Crisis explained

Written By: - Date published: 3:49 pm, June 18th, 2011 - 28 comments
Categories: economy, International - Tags: ,

Hat tip to Penny Bright in comments:

28 comments on “Crisis explained ”

  1. Colonial Viper 1

    Screw the people, abrogate the sovereignty of nations, give to the banks.

    The large banks can access cash through the Fed window at less than 1% p.a. The big banks then take that cash and lend it to Greece at 28% p.a.

    EASY MONEY

    • KJT 1.1

      And to us at 7% for housing and 18% for business.

      Every time the OCR went up it was a windfall for banks who used it as an excuse for raising interest rates.

      Lately US banks have been bailed out at 0 interest.

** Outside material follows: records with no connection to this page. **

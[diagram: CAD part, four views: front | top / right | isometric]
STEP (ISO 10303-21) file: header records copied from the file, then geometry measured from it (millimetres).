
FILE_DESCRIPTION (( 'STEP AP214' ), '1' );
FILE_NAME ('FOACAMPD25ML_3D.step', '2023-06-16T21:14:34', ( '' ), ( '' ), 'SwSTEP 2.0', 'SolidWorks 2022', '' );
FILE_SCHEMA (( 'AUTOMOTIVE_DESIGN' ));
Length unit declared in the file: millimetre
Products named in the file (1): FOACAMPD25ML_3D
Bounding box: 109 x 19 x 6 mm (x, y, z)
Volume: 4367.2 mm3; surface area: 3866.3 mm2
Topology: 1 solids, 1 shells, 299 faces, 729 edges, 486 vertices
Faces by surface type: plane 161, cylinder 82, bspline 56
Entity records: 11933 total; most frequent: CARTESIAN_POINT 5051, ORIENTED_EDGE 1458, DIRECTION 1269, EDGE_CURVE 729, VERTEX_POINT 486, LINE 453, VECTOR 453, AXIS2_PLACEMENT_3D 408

They were supposed to use it to fund a stimulus and recovery. Instead they just went back to their old habits.

      Much of the money given to the banks by the US treasury is being used to buy treasury bonds at 3% plus yields.

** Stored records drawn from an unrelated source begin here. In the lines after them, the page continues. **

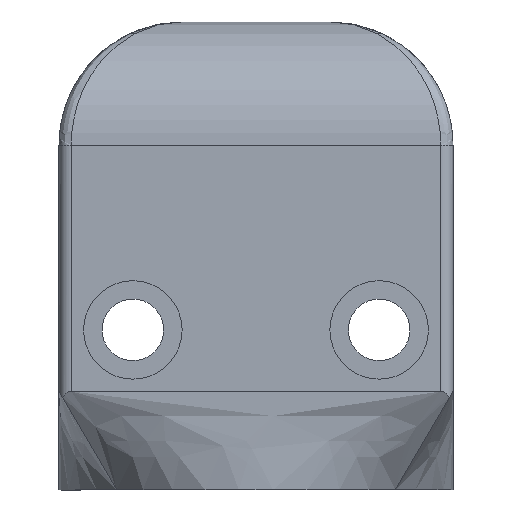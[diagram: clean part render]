
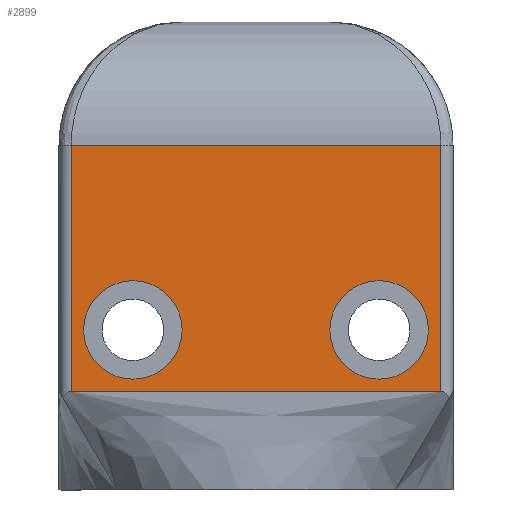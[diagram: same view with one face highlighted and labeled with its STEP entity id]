
A CAD part, left-side view. The second image highlights one B-rep face of the part: STEP entity #2899.
In plain terms, the highlighted planar face has unit normal (-1, 0, 0).
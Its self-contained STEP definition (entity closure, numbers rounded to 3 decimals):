
#572 = CYLINDRICAL_SURFACE('',#573,0.5);
#573 = AXIS2_PLACEMENT_3D('',#574,#575,#576);
#574 = CARTESIAN_POINT('',(-7.5,-7.5,10.));
#575 = DIRECTION('',(0.,0.,-1.));
#576 = DIRECTION('',(0.,-1.,0.));
#588 = VERTEX_POINT('',#589);
#589 = CARTESIAN_POINT('',(-8.,-7.5,10.));
#612 = CYLINDRICAL_SURFACE('',#613,5.);
#613 = AXIS2_PLACEMENT_3D('',#614,#615,#616);
#614 = CARTESIAN_POINT('',(-3.,8.,10.));
#615 = DIRECTION('',(0.,-1.,0.));
#616 = DIRECTION('',(0.,0.,1.));
#1552 = EDGE_CURVE('',#588,#1553,#1555,.T.);
#1553 = VERTEX_POINT('',#1554);
#1554 = CARTESIAN_POINT('',(-8.,-7.5,0.));
#1555 = SURFACE_CURVE('',#1556,(#1560,#1567),.PCURVE_S1.);
#1556 = LINE('',#1557,#1558);
#1557 = CARTESIAN_POINT('',(-8.,-7.5,10.));
#1558 = VECTOR('',#1559,1.);
#1559 = DIRECTION('',(0.,0.,-1.));
#1560 = PCURVE('',#572,#1561);
#1561 = DEFINITIONAL_REPRESENTATION('',(#1562),#1566);
#1562 = LINE('',#1563,#1564);
#1563 = CARTESIAN_POINT('',(1.571,0.));
#1564 = VECTOR('',#1565,1.);
#1565 = DIRECTION('',(0.,1.));
#1566 = ( GEOMETRIC_REPRESENTATION_CONTEXT(2) 
PARAMETRIC_REPRESENTATION_CONTEXT() REPRESENTATION_CONTEXT('2D SPACE',''
  ) );
#1567 = PCURVE('',#1568,#1573);
#1568 = PLANE('',#1569);
#1569 = AXIS2_PLACEMENT_3D('',#1570,#1571,#1572);
#1570 = CARTESIAN_POINT('',(-8.,8.,15.));
#1571 = DIRECTION('',(1.,0.,0.));
#1572 = DIRECTION('',(0.,0.,-1.));
#1573 = DEFINITIONAL_REPRESENTATION('',(#1574),#1578);
#1574 = LINE('',#1575,#1576);
#1575 = CARTESIAN_POINT('',(5.,-15.5));
#1576 = VECTOR('',#1577,1.);
#1577 = DIRECTION('',(1.,0.));
#1578 = ( GEOMETRIC_REPRESENTATION_CONTEXT(2) 
PARAMETRIC_REPRESENTATION_CONTEXT() REPRESENTATION_CONTEXT('2D SPACE',''
  ) );
#1612 = B_SPLINE_SURFACE_WITH_KNOTS('',8,1,(
    (#1613,#1614)
    ,(#1615,#1616)
    ,(#1617,#1618)
    ,(#1619,#1620)
    ,(#1621,#1622)
    ,(#1623,#1624)
    ,(#1625,#1626)
    ,(#1627,#1628)
    ,(#1629,#1630
    )),.UNSPECIFIED.,.F.,.F.,.F.,(9,9),(2,2),(0.,16.),(0.,1.),
  .PIECEWISE_BEZIER_KNOTS.);
#1613 = CARTESIAN_POINT('',(-8.,8.,0.));
#1614 = CARTESIAN_POINT('',(-5.657,5.657,-4.));
#1615 = CARTESIAN_POINT('',(-8.,6.,0.));
#1616 = CARTESIAN_POINT('',(-6.768,4.546,-4.));
#1617 = CARTESIAN_POINT('',(-8.,4.,0.));
#1618 = CARTESIAN_POINT('',(-7.629,3.186,-4.));
#1619 = CARTESIAN_POINT('',(-8.,2.,0.));
#1620 = CARTESIAN_POINT('',(-8.176,1.642,-4.));
#1621 = CARTESIAN_POINT('',(-8.,0.,0.));
#1622 = CARTESIAN_POINT('',(-8.364,0.,-4.));
#1623 = CARTESIAN_POINT('',(-8.,-2.,0.));
#1624 = CARTESIAN_POINT('',(-8.176,-1.642,-4.));
#1625 = CARTESIAN_POINT('',(-8.,-4.,0.));
#1626 = CARTESIAN_POINT('',(-7.629,-3.186,-4.));
#1627 = CARTESIAN_POINT('',(-8.,-6.,0.));
#1628 = CARTESIAN_POINT('',(-6.768,-4.546,-4.));
#1629 = CARTESIAN_POINT('',(-8.,-8.,0.));
#1630 = CARTESIAN_POINT('',(-5.657,-5.657,-4.));
#1699 = EDGE_CURVE('',#1700,#588,#1702,.T.);
#1700 = VERTEX_POINT('',#1701);
#1701 = CARTESIAN_POINT('',(-8.,7.5,10.));
#1702 = SURFACE_CURVE('',#1703,(#1707,#1714),.PCURVE_S1.);
#1703 = LINE('',#1704,#1705);
#1704 = CARTESIAN_POINT('',(-8.,8.,10.));
#1705 = VECTOR('',#1706,1.);
#1706 = DIRECTION('',(0.,-1.,0.));
#1707 = PCURVE('',#612,#1708);
#1708 = DEFINITIONAL_REPRESENTATION('',(#1709),#1713);
#1709 = LINE('',#1710,#1711);
#1710 = CARTESIAN_POINT('',(1.571,0.));
#1711 = VECTOR('',#1712,1.);
#1712 = DIRECTION('',(0.,1.));
#1713 = ( GEOMETRIC_REPRESENTATION_CONTEXT(2) 
PARAMETRIC_REPRESENTATION_CONTEXT() REPRESENTATION_CONTEXT('2D SPACE',''
  ) );
#1714 = PCURVE('',#1568,#1715);
#1715 = DEFINITIONAL_REPRESENTATION('',(#1716),#1720);
#1716 = LINE('',#1717,#1718);
#1717 = CARTESIAN_POINT('',(5.,0.));
#1718 = VECTOR('',#1719,1.);
#1719 = DIRECTION('',(0.,-1.));
#1720 = ( GEOMETRIC_REPRESENTATION_CONTEXT(2) 
PARAMETRIC_REPRESENTATION_CONTEXT() REPRESENTATION_CONTEXT('2D SPACE',''
  ) );
#2799 = EDGE_CURVE('',#2800,#1553,#2802,.T.);
#2800 = VERTEX_POINT('',#2801);
#2801 = CARTESIAN_POINT('',(-8.,7.5,0.));
#2802 = SURFACE_CURVE('',#2803,(#2807,#2814),.PCURVE_S1.);
#2803 = LINE('',#2804,#2805);
#2804 = CARTESIAN_POINT('',(-8.,8.,0.));
#2805 = VECTOR('',#2806,1.);
#2806 = DIRECTION('',(0.,-1.,0.));
#2807 = PCURVE('',#1612,#2808);
#2808 = DEFINITIONAL_REPRESENTATION('',(#2809),#2813);
#2809 = LINE('',#2810,#2811);
#2810 = CARTESIAN_POINT('',(0.,0.));
#2811 = VECTOR('',#2812,1.);
#2812 = DIRECTION('',(1.,0.));
#2813 = ( GEOMETRIC_REPRESENTATION_CONTEXT(2) 
PARAMETRIC_REPRESENTATION_CONTEXT() REPRESENTATION_CONTEXT('2D SPACE',''
  ) );
#2814 = PCURVE('',#1568,#2815);
#2815 = DEFINITIONAL_REPRESENTATION('',(#2816),#2820);
#2816 = LINE('',#2817,#2818);
#2817 = CARTESIAN_POINT('',(15.,0.));
#2818 = VECTOR('',#2819,1.);
#2819 = DIRECTION('',(0.,-1.));
#2820 = ( GEOMETRIC_REPRESENTATION_CONTEXT(2) 
PARAMETRIC_REPRESENTATION_CONTEXT() REPRESENTATION_CONTEXT('2D SPACE',''
  ) );
#2879 = CYLINDRICAL_SURFACE('',#2880,0.5);
#2880 = AXIS2_PLACEMENT_3D('',#2881,#2882,#2883);
#2881 = CARTESIAN_POINT('',(-7.5,7.5,10.));
#2882 = DIRECTION('',(0.,0.,-1.));
#2883 = DIRECTION('',(0.,1.,0.));
#2899 = ADVANCED_FACE('',(#2900,#2926,#2961),#1568,.F.);
#2900 = FACE_BOUND('',#2901,.F.);
#2901 = EDGE_LOOP('',(#2902,#2903,#2904,#2905));
#2902 = ORIENTED_EDGE('',*,*,#1699,.T.);
#2903 = ORIENTED_EDGE('',*,*,#1552,.T.);
#2904 = ORIENTED_EDGE('',*,*,#2799,.F.);
#2905 = ORIENTED_EDGE('',*,*,#2906,.F.);
#2906 = EDGE_CURVE('',#1700,#2800,#2907,.T.);
#2907 = SURFACE_CURVE('',#2908,(#2912,#2919),.PCURVE_S1.);
#2908 = LINE('',#2909,#2910);
#2909 = CARTESIAN_POINT('',(-8.,7.5,10.));
#2910 = VECTOR('',#2911,1.);
#2911 = DIRECTION('',(0.,0.,-1.));
#2912 = PCURVE('',#1568,#2913);
#2913 = DEFINITIONAL_REPRESENTATION('',(#2914),#2918);
#2914 = LINE('',#2915,#2916);
#2915 = CARTESIAN_POINT('',(5.,-0.5));
#2916 = VECTOR('',#2917,1.);
#2917 = DIRECTION('',(1.,0.));
#2918 = ( GEOMETRIC_REPRESENTATION_CONTEXT(2) 
PARAMETRIC_REPRESENTATION_CONTEXT() REPRESENTATION_CONTEXT('2D SPACE',''
  ) );
#2919 = PCURVE('',#2879,#2920);
#2920 = DEFINITIONAL_REPRESENTATION('',(#2921),#2925);
#2921 = LINE('',#2922,#2923);
#2922 = CARTESIAN_POINT('',(-1.571,0.));
#2923 = VECTOR('',#2924,1.);
#2924 = DIRECTION('',(-0.,1.));
#2925 = ( GEOMETRIC_REPRESENTATION_CONTEXT(2) 
PARAMETRIC_REPRESENTATION_CONTEXT() REPRESENTATION_CONTEXT('2D SPACE',''
  ) );
#2926 = FACE_BOUND('',#2927,.F.);
#2927 = EDGE_LOOP('',(#2928));
#2928 = ORIENTED_EDGE('',*,*,#2929,.T.);
#2929 = EDGE_CURVE('',#2930,#2930,#2932,.T.);
#2930 = VERTEX_POINT('',#2931);
#2931 = CARTESIAN_POINT('',(-8.,-7.,2.5));
#2932 = SURFACE_CURVE('',#2933,(#2938,#2949),.PCURVE_S1.);
#2933 = CIRCLE('',#2934,2.);
#2934 = AXIS2_PLACEMENT_3D('',#2935,#2936,#2937);
#2935 = CARTESIAN_POINT('',(-8.,-5.,2.5));
#2936 = DIRECTION('',(-1.,0.,0.));
#2937 = DIRECTION('',(0.,-1.,0.));
#2938 = PCURVE('',#1568,#2939);
#2939 = DEFINITIONAL_REPRESENTATION('',(#2940),#2948);
#2940 = ( BOUNDED_CURVE() B_SPLINE_CURVE(2,(#2941,#2942,#2943,#2944,
#2945,#2946,#2947),.UNSPECIFIED.,.T.,.F.) B_SPLINE_CURVE_WITH_KNOTS((1,2
    ,2,2,2,1),(-2.094,0.,2.094,4.189,
6.283,8.378),.UNSPECIFIED.) CURVE() 
GEOMETRIC_REPRESENTATION_ITEM() RATIONAL_B_SPLINE_CURVE((1.,0.5,1.,0.5,
1.,0.5,1.)) REPRESENTATION_ITEM('') );
#2941 = CARTESIAN_POINT('',(12.5,-15.));
#2942 = CARTESIAN_POINT('',(9.036,-15.));
#2943 = CARTESIAN_POINT('',(10.768,-12.));
#2944 = CARTESIAN_POINT('',(12.5,-9.));
#2945 = CARTESIAN_POINT('',(14.232,-12.));
#2946 = CARTESIAN_POINT('',(15.964,-15.));
#2947 = CARTESIAN_POINT('',(12.5,-15.));
#2948 = ( GEOMETRIC_REPRESENTATION_CONTEXT(2) 
PARAMETRIC_REPRESENTATION_CONTEXT() REPRESENTATION_CONTEXT('2D SPACE',''
  ) );
#2949 = PCURVE('',#2950,#2955);
#2950 = CYLINDRICAL_SURFACE('',#2951,2.);
#2951 = AXIS2_PLACEMENT_3D('',#2952,#2953,#2954);
#2952 = CARTESIAN_POINT('',(-8.,-5.,2.5));
#2953 = DIRECTION('',(1.,0.,0.));
#2954 = DIRECTION('',(0.,-1.,0.));
#2955 = DEFINITIONAL_REPRESENTATION('',(#2956),#2960);
#2956 = LINE('',#2957,#2958);
#2957 = CARTESIAN_POINT('',(-0.,0.));
#2958 = VECTOR('',#2959,1.);
#2959 = DIRECTION('',(-1.,0.));
#2960 = ( GEOMETRIC_REPRESENTATION_CONTEXT(2) 
PARAMETRIC_REPRESENTATION_CONTEXT() REPRESENTATION_CONTEXT('2D SPACE',''
  ) );
#2961 = FACE_BOUND('',#2962,.F.);
#2962 = EDGE_LOOP('',(#2963));
#2963 = ORIENTED_EDGE('',*,*,#2964,.T.);
#2964 = EDGE_CURVE('',#2965,#2965,#2967,.T.);
#2965 = VERTEX_POINT('',#2966);
#2966 = CARTESIAN_POINT('',(-8.,3.,2.5));
#2967 = SURFACE_CURVE('',#2968,(#2973,#2984),.PCURVE_S1.);
#2968 = CIRCLE('',#2969,2.);
#2969 = AXIS2_PLACEMENT_3D('',#2970,#2971,#2972);
#2970 = CARTESIAN_POINT('',(-8.,5.,2.5));
#2971 = DIRECTION('',(-1.,0.,0.));
#2972 = DIRECTION('',(0.,-1.,0.));
#2973 = PCURVE('',#1568,#2974);
#2974 = DEFINITIONAL_REPRESENTATION('',(#2975),#2983);
#2975 = ( BOUNDED_CURVE() B_SPLINE_CURVE(2,(#2976,#2977,#2978,#2979,
#2980,#2981,#2982),.UNSPECIFIED.,.T.,.F.) B_SPLINE_CURVE_WITH_KNOTS((1,2
    ,2,2,2,1),(-2.094,0.,2.094,4.189,
6.283,8.378),.UNSPECIFIED.) CURVE() 
GEOMETRIC_REPRESENTATION_ITEM() RATIONAL_B_SPLINE_CURVE((1.,0.5,1.,0.5,
1.,0.5,1.)) REPRESENTATION_ITEM('') );
#2976 = CARTESIAN_POINT('',(12.5,-5.));
#2977 = CARTESIAN_POINT('',(9.036,-5.));
#2978 = CARTESIAN_POINT('',(10.768,-2.));
#2979 = CARTESIAN_POINT('',(12.5,1.));
#2980 = CARTESIAN_POINT('',(14.232,-2.));
#2981 = CARTESIAN_POINT('',(15.964,-5.));
#2982 = CARTESIAN_POINT('',(12.5,-5.));
#2983 = ( GEOMETRIC_REPRESENTATION_CONTEXT(2) 
PARAMETRIC_REPRESENTATION_CONTEXT() REPRESENTATION_CONTEXT('2D SPACE',''
  ) );
#2984 = PCURVE('',#2985,#2990);
#2985 = CYLINDRICAL_SURFACE('',#2986,2.);
#2986 = AXIS2_PLACEMENT_3D('',#2987,#2988,#2989);
#2987 = CARTESIAN_POINT('',(-8.,5.,2.5));
#2988 = DIRECTION('',(1.,0.,0.));
#2989 = DIRECTION('',(0.,-1.,0.));
#2990 = DEFINITIONAL_REPRESENTATION('',(#2991),#2995);
#2991 = LINE('',#2992,#2993);
#2992 = CARTESIAN_POINT('',(-0.,0.));
#2993 = VECTOR('',#2994,1.);
#2994 = DIRECTION('',(-1.,0.));
#2995 = ( GEOMETRIC_REPRESENTATION_CONTEXT(2) 
PARAMETRIC_REPRESENTATION_CONTEXT() REPRESENTATION_CONTEXT('2D SPACE',''
  ) );

      USA now has more debt than any future production can possibly repay.

      • Colonial Viper 1.1.1

        USA now has more debt than any future production can possibly repay.

        And that is even without taking into account the oncoming energy crunch.

  2. Colonial Viper 2

    One more thing – interest is being charged on all those loans between countries.

    That means brand additional debt through “interest charges” is magicked into existence from nowhere. And the money to pay back that additional debt does not exist anywhere. Literally.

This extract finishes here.